== EXERCISE PROMPT ==
Your task is to reproduce the entries below word for word.

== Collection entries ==
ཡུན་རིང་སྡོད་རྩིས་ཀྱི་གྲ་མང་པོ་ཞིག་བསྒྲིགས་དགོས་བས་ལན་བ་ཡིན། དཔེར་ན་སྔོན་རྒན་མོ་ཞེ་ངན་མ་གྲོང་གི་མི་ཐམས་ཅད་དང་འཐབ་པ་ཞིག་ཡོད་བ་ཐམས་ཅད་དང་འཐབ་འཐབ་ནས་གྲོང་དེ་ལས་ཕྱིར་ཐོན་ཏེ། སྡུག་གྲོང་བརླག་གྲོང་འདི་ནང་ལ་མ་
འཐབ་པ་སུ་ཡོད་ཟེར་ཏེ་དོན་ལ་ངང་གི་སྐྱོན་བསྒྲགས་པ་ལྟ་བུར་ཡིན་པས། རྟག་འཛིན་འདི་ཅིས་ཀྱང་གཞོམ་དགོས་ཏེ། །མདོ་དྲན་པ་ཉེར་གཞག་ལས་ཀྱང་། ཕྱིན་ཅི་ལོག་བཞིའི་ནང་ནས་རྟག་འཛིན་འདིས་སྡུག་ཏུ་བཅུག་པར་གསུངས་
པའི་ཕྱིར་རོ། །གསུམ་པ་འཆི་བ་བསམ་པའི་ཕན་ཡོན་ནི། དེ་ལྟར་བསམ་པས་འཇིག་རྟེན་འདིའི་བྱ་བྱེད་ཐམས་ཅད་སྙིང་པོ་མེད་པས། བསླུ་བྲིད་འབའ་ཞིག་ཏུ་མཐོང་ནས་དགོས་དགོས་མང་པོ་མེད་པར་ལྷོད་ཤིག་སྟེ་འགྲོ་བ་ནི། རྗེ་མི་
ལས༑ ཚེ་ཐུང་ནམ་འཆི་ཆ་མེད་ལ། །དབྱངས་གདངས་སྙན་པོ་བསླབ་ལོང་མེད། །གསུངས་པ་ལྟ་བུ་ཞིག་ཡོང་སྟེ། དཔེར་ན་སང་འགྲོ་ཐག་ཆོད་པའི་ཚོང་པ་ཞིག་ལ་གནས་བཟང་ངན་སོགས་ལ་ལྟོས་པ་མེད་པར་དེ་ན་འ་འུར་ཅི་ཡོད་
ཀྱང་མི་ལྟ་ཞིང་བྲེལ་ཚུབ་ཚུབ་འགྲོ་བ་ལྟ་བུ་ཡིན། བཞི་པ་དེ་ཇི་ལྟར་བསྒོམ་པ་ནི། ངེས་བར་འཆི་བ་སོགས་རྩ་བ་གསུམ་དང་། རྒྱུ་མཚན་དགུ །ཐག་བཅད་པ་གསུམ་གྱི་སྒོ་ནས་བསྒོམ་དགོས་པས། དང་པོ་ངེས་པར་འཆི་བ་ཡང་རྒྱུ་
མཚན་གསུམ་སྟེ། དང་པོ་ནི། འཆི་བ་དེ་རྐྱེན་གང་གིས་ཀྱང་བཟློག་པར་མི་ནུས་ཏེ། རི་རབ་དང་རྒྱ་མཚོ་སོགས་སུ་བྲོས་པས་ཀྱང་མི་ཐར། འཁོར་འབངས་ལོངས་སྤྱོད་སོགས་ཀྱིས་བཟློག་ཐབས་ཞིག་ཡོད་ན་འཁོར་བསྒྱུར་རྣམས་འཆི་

== EXERCISE RESPONSE ==
ཡུན་རིང་སྡོད་རྩིས་ཀྱི་གྲ་མང་པོ་ཞིག་བསྒྲིགས་དགོས་བས་ལན་བ་ཡིན། དཔེར་ན་སྔོན་རྒན་མོ་ཞེ་ངན་མ་གྲོང་གི་མི་ཐམས་ཅད་དང་འཐབ་པ་ཞིག་ཡོད་བ་ཐམས་ཅད་དང་འཐབ་འཐབ་ནས་གྲོང་དེ་ལས་ཕྱིར་ཐོན་ཏེ། སྡུག་གྲོང་བརླག་གྲོང་འདི་ནང་ལ་མ་
འཐབ་པ་སུ་ཡོད་ཟེར་ཏེ་དོན་ལ་ངང་གི་སྐྱོན་བསྒྲགས་པ་ལྟ་བུར་ཡིན་པས། རྟག་འཛིན་འདི་ཅིས་ཀྱང་གཞོམ་དགོས་ཏེ། །མདོ་དྲན་པ་ཉེར་གཞག་ལས་ཀྱང་། ཕྱིན་ཅི་ལོག་བཞིའི་ནང་ནས་རྟག་འཛིན་འདིས་སྡུག་ཏུ་བཅུག་པར་གསུངས་
པའི་ཕྱིར་རོ། །གསུམ་པ་འཆི་བ་བསམ་པའི་ཕན་ཡོན་ནི། དེ་ལྟར་བསམ་པས་འཇིག་རྟེན་འདིའི་བྱ་བྱེད་ཐམས་ཅད་སྙིང་པོ་མེད་པས། བསླུ་བྲིད་འབའ་ཞིག་ཏུ་མཐོང་ནས་དགོས་དགོས་མང་པོ་མེད་པར་ལྷོད་ཤིག་སྟེ་འགྲོ་བ་ནི། རྗེ་མི་
ལས༑ ཚེ་ཐུང་ནམ་འཆི་ཆ་མེད་ལ། །དབྱངས་གདངས་སྙན་པོ་བསླབ་ལོང་མེད། །གསུངས་པ་ལྟ་བུ་ཞིག་ཡོང་སྟེ། དཔེར་ན་སང་འགྲོ་ཐག་ཆོད་པའི་ཚོང་པ་ཞིག་ལ་གནས་བཟང་ངན་སོགས་ལ་ལྟོས་པ་མེད་པར་དེ་ན་འ་འུར་ཅི་ཡོད་
ཀྱང་མི་ལྟ་ཞིང་བྲེལ་ཚུབ་ཚུབ་འགྲོ་བ་ལྟ་བུ་ཡིན། བཞི་པ་དེ་ཇི་ལྟར་བསྒོམ་པ་ནི། ངེས་བར་འཆི་བ་སོགས་རྩ་བ་གསུམ་དང་། རྒྱུ་མཚན་དགུ །ཐག་བཅད་པ་གསུམ་གྱི་སྒོ་ནས་བསྒོམ་དགོས་པས། དང་པོ་ངེས་པར་འཆི་བ་ཡང་རྒྱུ་
མཚན་གསུམ་སྟེ། དང་པོ་ནི། འཆི་བ་དེ་རྐྱེན་གང་གིས་ཀྱང་བཟློག་པར་མི་ནུས་ཏེ། རི་རབ་དང་རྒྱ་མཚོ་སོགས་སུ་བྲོས་པས་ཀྱང་མི་ཐར། འཁོར་འབངས་ལོངས་སྤྱོད་སོགས་ཀྱིས་བཟློག་ཐབས་ཞིག་ཡོད་ན་འཁོར་བསྒྱུར་རྣམས་འཆི་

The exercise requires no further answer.